:: WHAT THIS TASK INVOLVES ::
Type out the lines below exactly, pictures excluded.

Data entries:
____________________
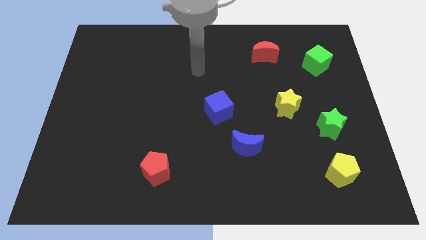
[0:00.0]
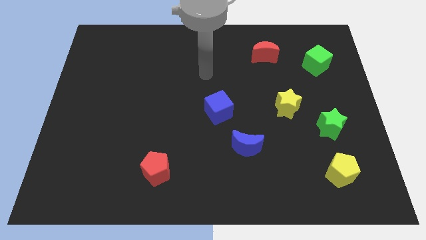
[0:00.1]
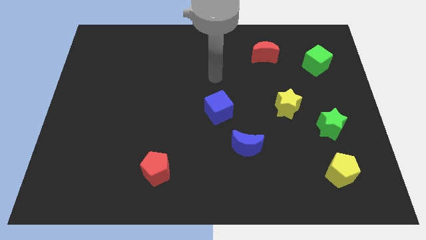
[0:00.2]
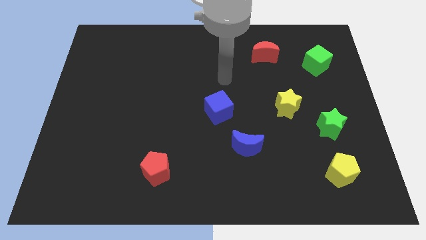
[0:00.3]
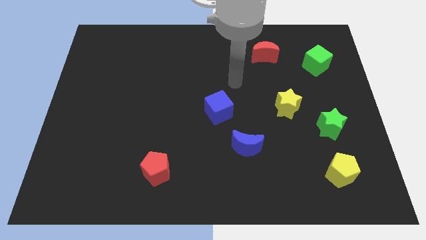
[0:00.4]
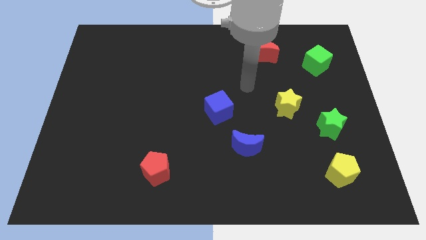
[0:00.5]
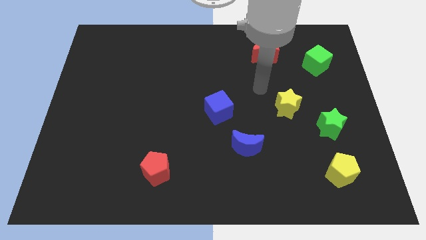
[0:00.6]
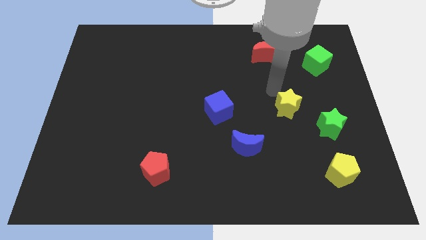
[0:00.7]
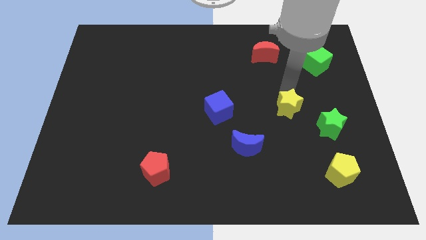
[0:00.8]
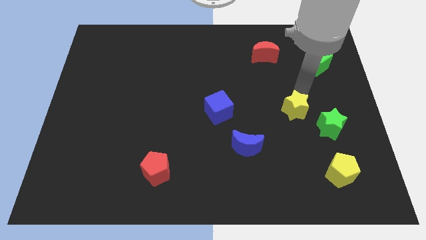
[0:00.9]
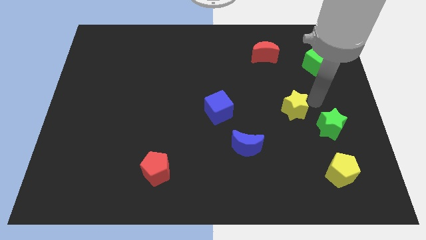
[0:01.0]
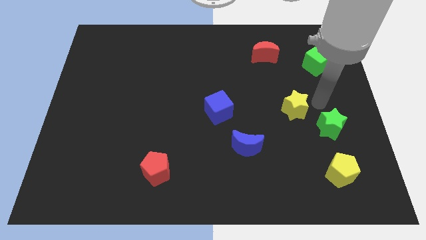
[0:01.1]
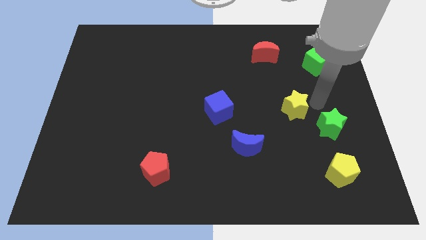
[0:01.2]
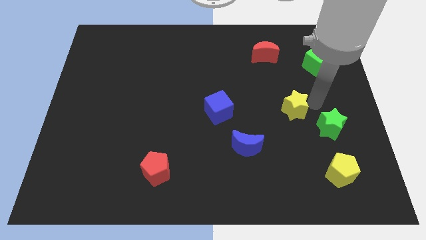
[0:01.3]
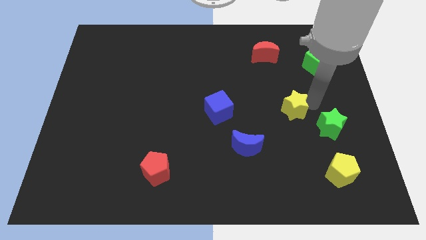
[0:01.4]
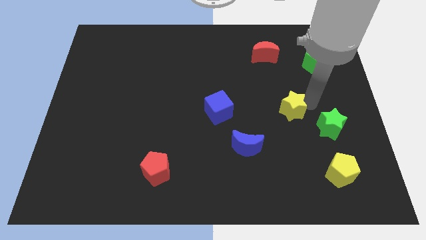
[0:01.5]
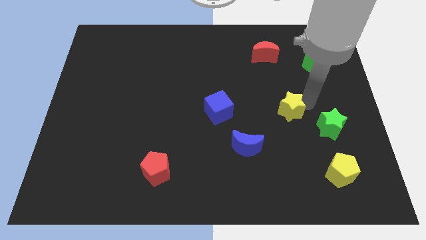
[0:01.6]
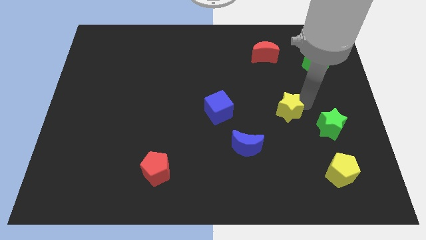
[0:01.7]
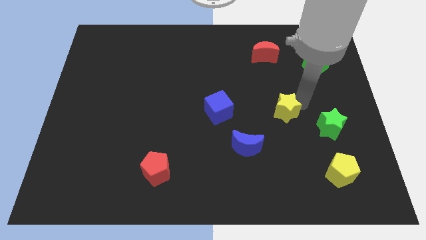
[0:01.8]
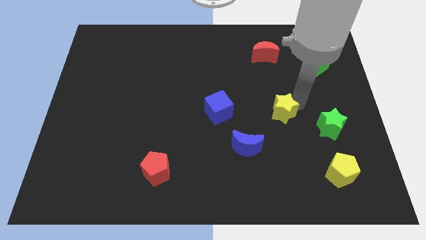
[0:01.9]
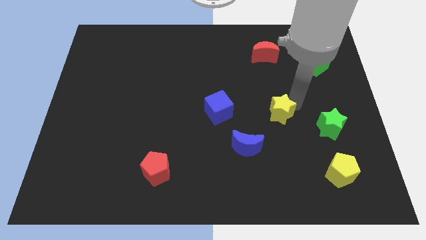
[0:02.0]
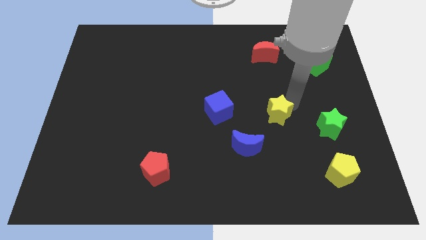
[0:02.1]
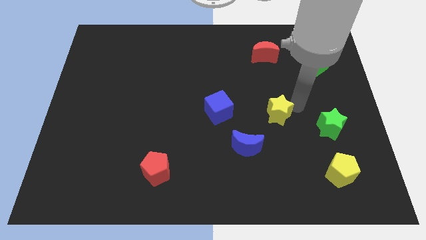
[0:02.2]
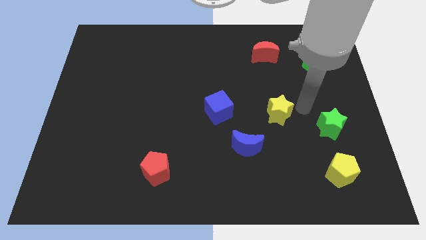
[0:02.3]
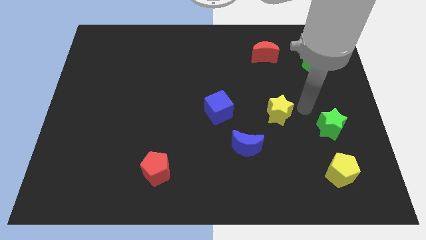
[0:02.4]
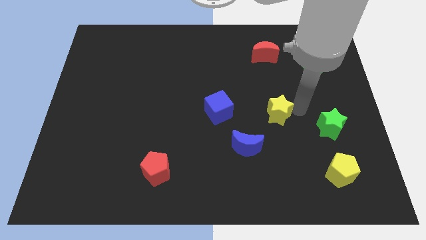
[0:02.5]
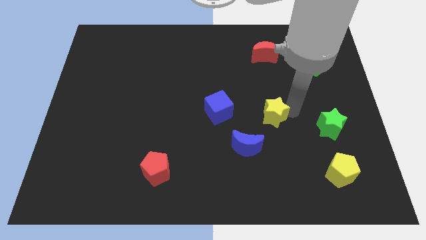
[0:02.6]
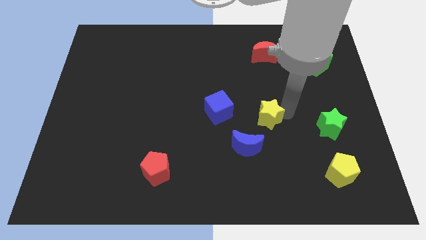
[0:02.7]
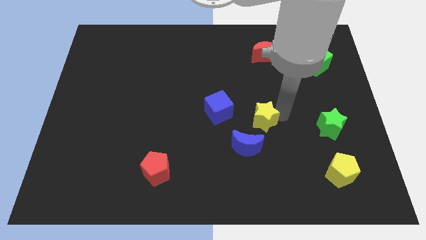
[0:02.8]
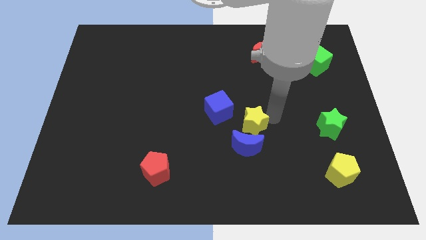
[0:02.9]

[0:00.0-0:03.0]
slightly move the yellow star downwards and to the left

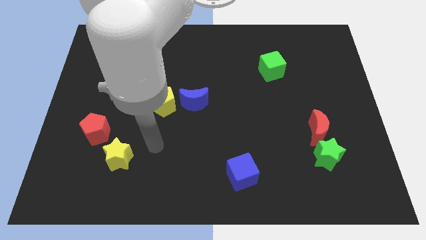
____________________
:: WORKED SOLUTION ::
[0:00.0]
[0:00.1]
[0:00.2]
[0:00.3]
[0:00.4]
[0:00.5]
[0:00.6]
[0:00.7]
[0:00.8]
[0:00.9]
[0:01.0]
[0:01.1]
[0:01.2]
[0:01.3]
[0:01.4]
[0:01.5]
[0:01.6]
[0:01.7]
[0:01.8]
[0:01.9]
[0:02.0]
[0:02.1]
[0:02.2]
[0:02.3]
[0:02.4]
[0:02.5]
[0:02.6]
[0:02.7]
[0:02.8]
[0:02.9]

[0:00.0-0:03.0]
slightly move the yellow star downwards and to the left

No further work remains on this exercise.